Mixed treatment comparisons indicated that valporate followed by lithium plus imipramine was the best treatment for the prevention of all relapses in patients with mainly depressive symptoms; olanzapine followed by valporate and lithium was the best treatment for prevention of all relapses in patients with mainly manic symptoms. Carbamazepine was not an effective maintenance treatment for bipolar I disorder. None of the psychosocial interventions could be linked (by use of common comparators) into this model.

CBT in combination with usual treatment was found to be effective for the prevention of relapse. Group psychoeducation and possibly family therapy may also have roles as adjunctive therapy in prevention relapse. Studies of psychosocial interventions reported few relevant data and outcomes.

Results indicated that the choice between alternative pharmacological treatments in terms of cost-effectiveness is dependent on the previous episode history of a patient and the mortality benefit assumed for lithium strategies. Results from the base-case analysis found that valporate, lithium and the combination of lithium and imipramine are potentially cost-effective (depending on how much the decision maker is willing to pay for additional health gain) for patients with a recent depressive episode, and that olanzapine and lithium are potentially cost-effective for patients with a recent manic episode. The cost-effectiveness for these patient groups was found to be sensitive to the assumption of a reduced suicidal risk associated with lithium-based strategies.
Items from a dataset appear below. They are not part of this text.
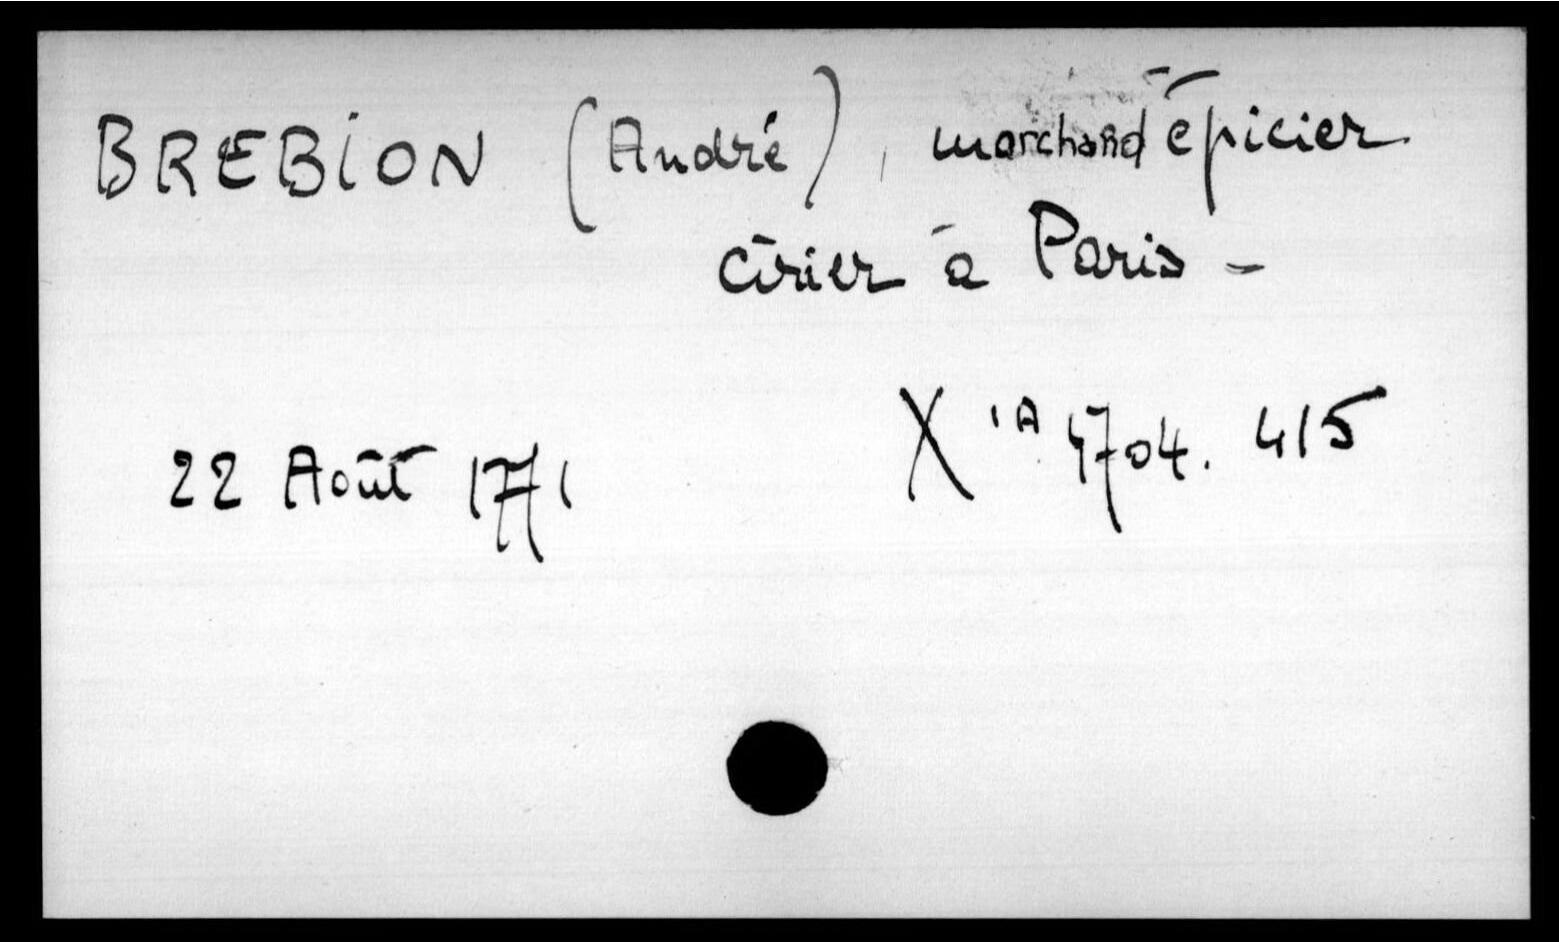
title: BREBION (André), marchand épicier cirier à Paris.
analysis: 22 août 1771
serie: X1A
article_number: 4704
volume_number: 415
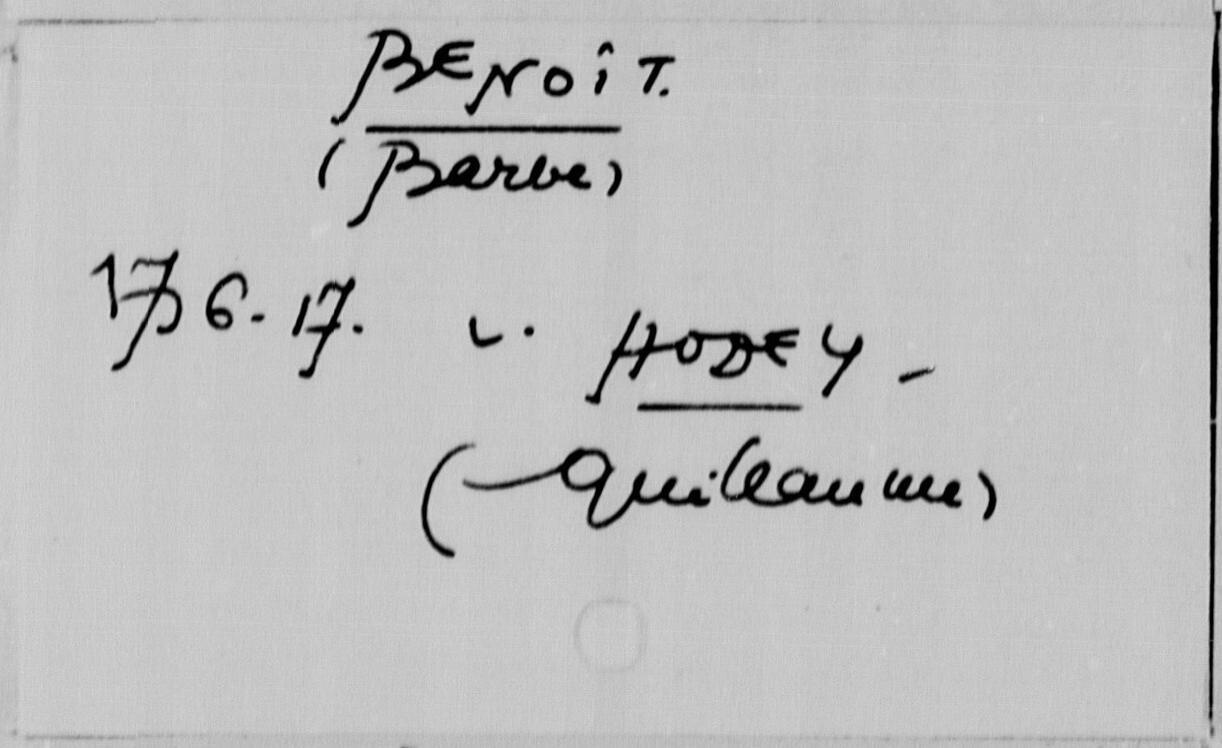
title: BENOIT (Barbe)
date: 1716-1717
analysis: Voir : HODEY (Guillaume)
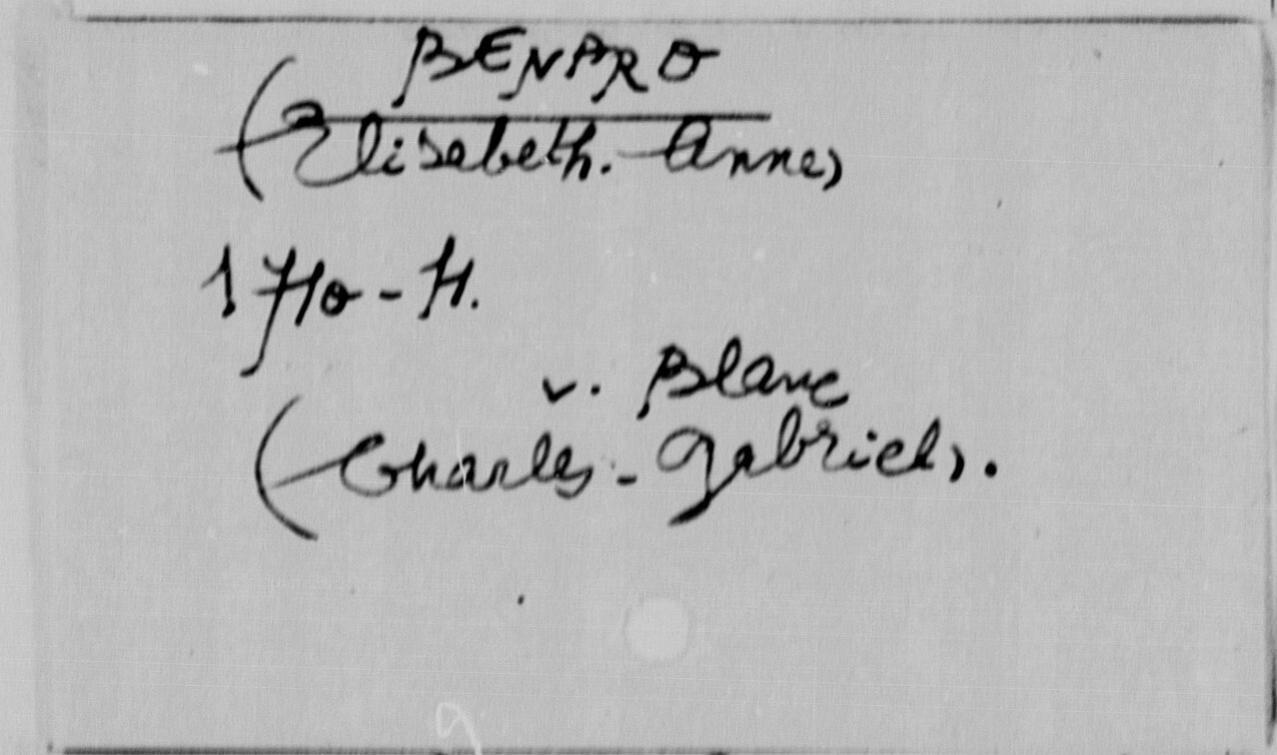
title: BENARD (Élisabeth Anne)
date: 1710-1711
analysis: Voir Blanc (Charles-Gabriel)
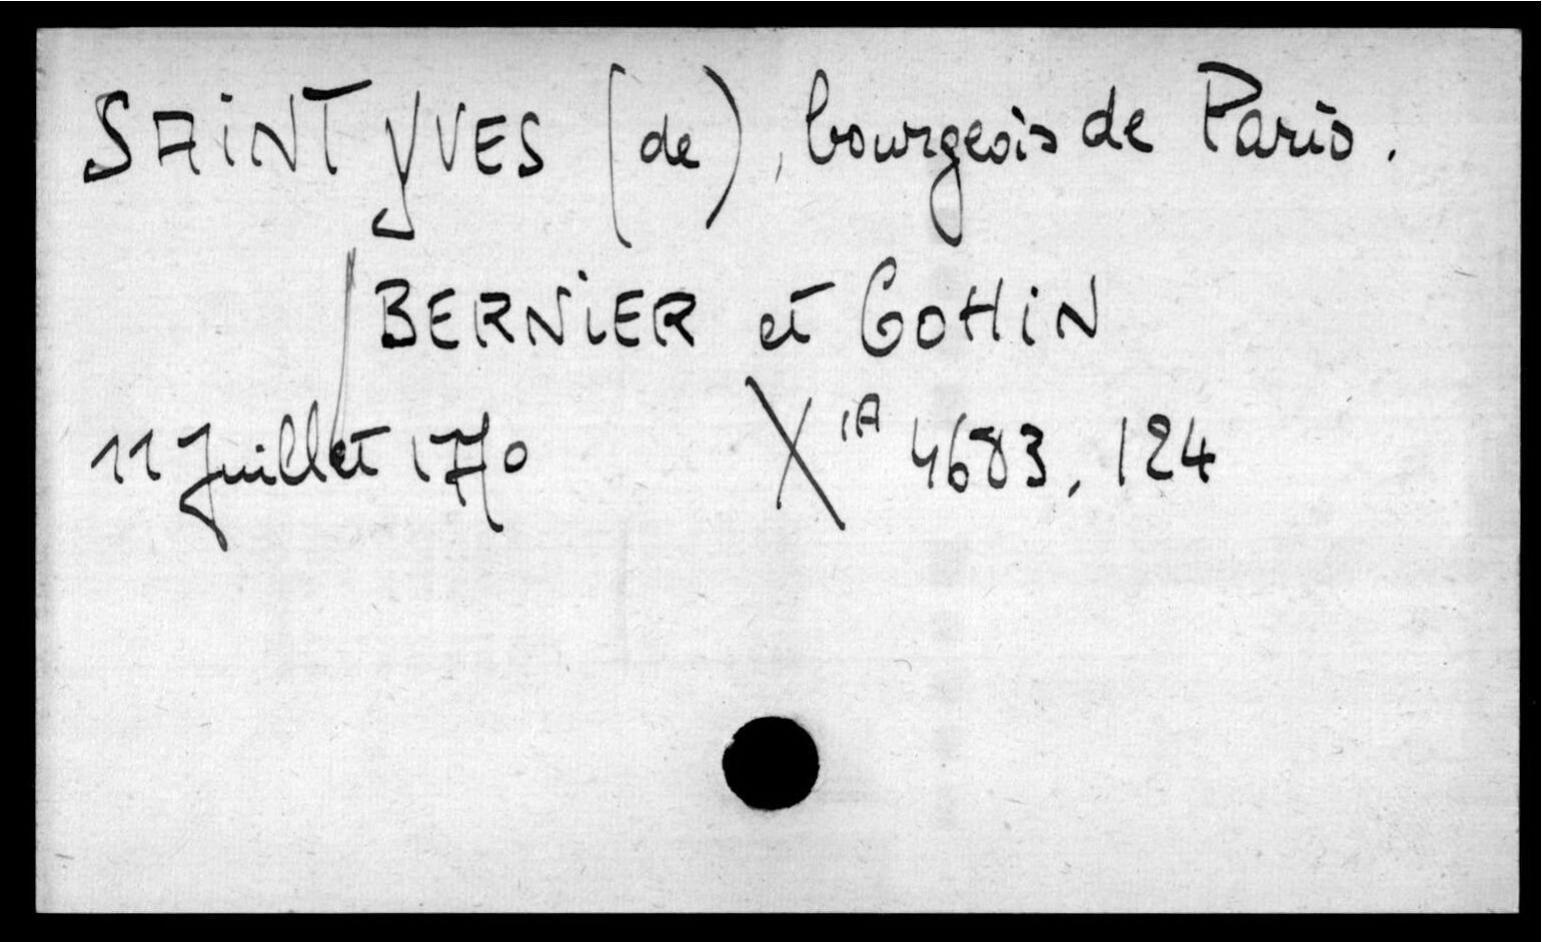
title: SAINT YVES (de), bourgeois de Paris.
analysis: Contre BERNIER et GOHIN
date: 11 juillet 1770
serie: X1A
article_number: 4683
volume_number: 124

Lithium, valporate, lamotrigine and olanzapine are effective as maintenance therapy for the prevention of relapse in bipolar disorder. Olanzapine and lithium are effective for the prevention of manic relapses. Valporate, lamotrigine and imipramine are effective for the prevention of depressive relapse. There is some evidence that CBT, group psychoeducation and family therapy might be effective as an adjunct to pharmacological treatments. However, there is not enough information regarding the relative tolerability of these treatments or their relative effects on suicide rate and mortality. Valporate, lithium monotherapy and the combination of lithium and imipramine are cost-effective in patients with a recent depressive episode. Olanzapine and lithium monotherapy are potentially cost-effective for patients with a recent manic episode.

The review question was supported by clear inclusion and exclusion criteria. Several sources were searched for relevant studies unrestricted by language and the authors attempted to locate unpublished studies, minimising the likelihood of language and publication bias. Steps were taken to minimise reviewer error and bias. Validity was assessed using specified criteria and the results reported. Data were pooled where possible and statistical heterogeneity assessed. Overall, this was a well-conducted review and the authors' conclusions are likely to be reliable.

Practice: the authors suggested that the polarity of the most recent episode (depressive/manic) was a useful way of guiding therapy for patients.

Research: Further studies were needed on the adverse effects of all treatments, the differential effects of agents in bipolar I and II and rapid cycling, and the effects of lithium with SSRI (selective serotonin reuptake inhibitor). In addition, good quality trials of valporate, combination therapy, psychosocial interventions and the disorder in children were required.

HTA programme project number 05/35/01

Beynon S, Soares-Weiser K, Woolacott N et al. Psychosocial interventions for the prevention of relapse in bipolar disorder: a systematic review of controlled trials. Br J Psychiatry 2008;192:5-11.

Beynon S, Soares-Weiser K, Woolacott N et al. Pharmacological interventions for the prevention of relapse in bipolar disorder: a systematic review of controlled trials. J Psychopharmacol 2009;23:574-91.

This is a critical abstract of a systematic review that meets the criteria for inclusion on DARE. Each critical abstract contains a brief summary of the review methods, results and conclusions followed by a detailed critical assessment on the reliability of the review and the conclusions drawn.